PROBLEM DESCRIPTION:
Among the lines of data below, reproduce only those from the one with "det: pomegranates" through the one with "Output each box", exactly as they stand, both ends included.

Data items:
■ ■ ■ ■

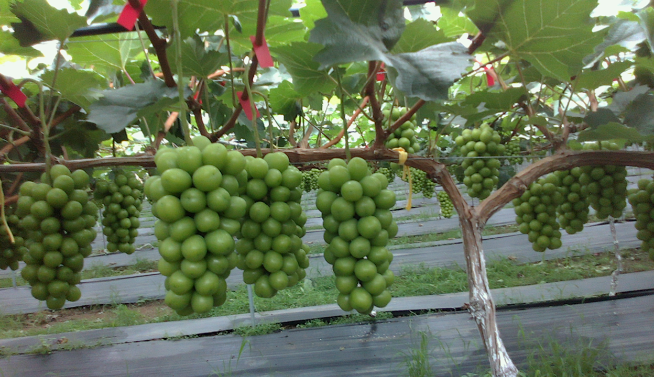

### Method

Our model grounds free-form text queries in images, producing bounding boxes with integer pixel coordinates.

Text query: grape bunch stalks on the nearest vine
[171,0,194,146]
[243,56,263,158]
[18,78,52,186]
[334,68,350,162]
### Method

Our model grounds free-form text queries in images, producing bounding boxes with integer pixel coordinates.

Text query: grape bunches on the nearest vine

■ ■ ■ ■

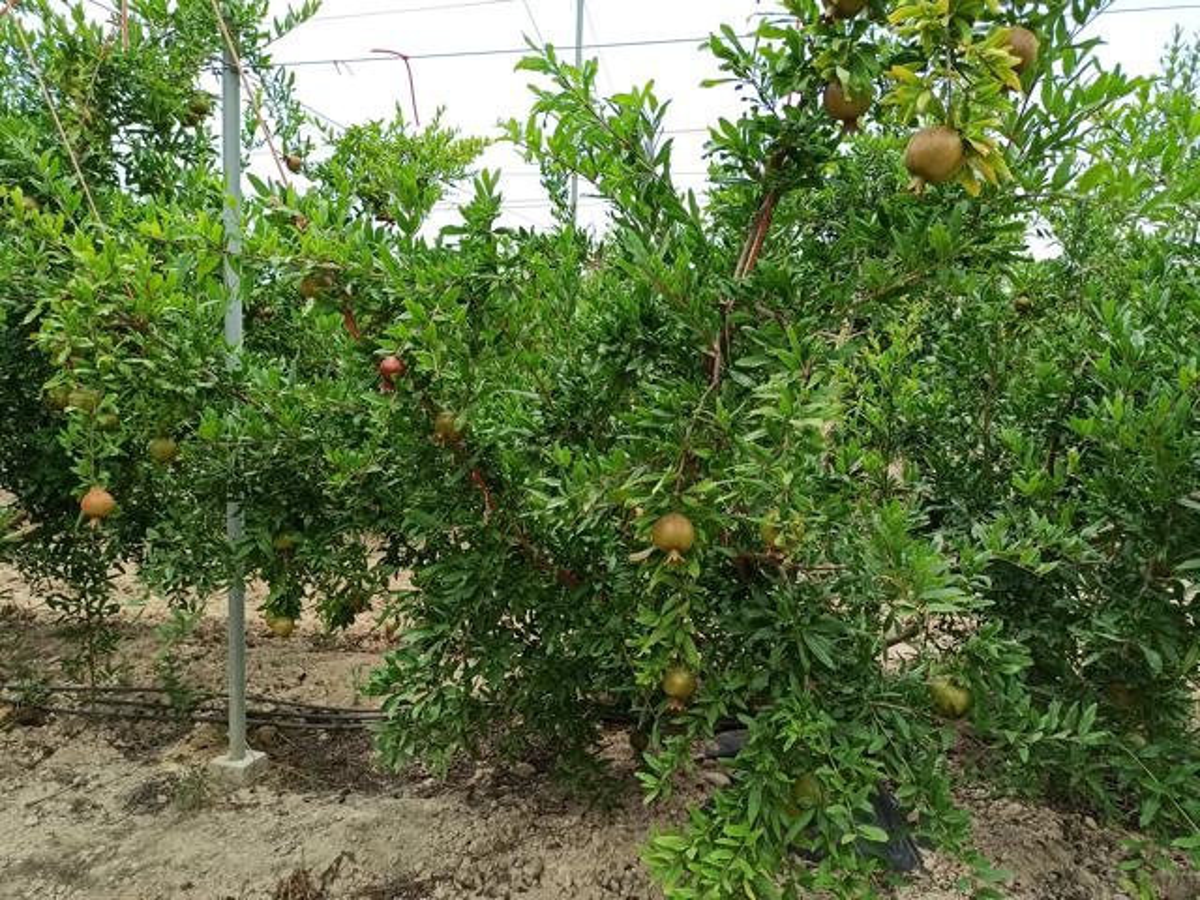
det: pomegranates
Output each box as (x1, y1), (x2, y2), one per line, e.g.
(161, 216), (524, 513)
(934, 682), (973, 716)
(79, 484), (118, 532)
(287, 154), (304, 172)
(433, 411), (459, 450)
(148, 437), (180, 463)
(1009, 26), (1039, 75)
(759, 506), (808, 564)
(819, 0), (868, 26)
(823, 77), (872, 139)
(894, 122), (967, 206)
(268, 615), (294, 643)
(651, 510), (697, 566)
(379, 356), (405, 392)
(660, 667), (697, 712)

■ ■ ■ ■

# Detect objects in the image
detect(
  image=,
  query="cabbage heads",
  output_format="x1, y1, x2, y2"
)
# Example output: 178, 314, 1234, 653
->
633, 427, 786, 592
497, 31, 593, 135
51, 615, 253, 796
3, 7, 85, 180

■ ■ ■ ■

WRITTEN ANSWER:
det: pomegranates
Output each box as (x1, y1), (x2, y2), one per line, e.g.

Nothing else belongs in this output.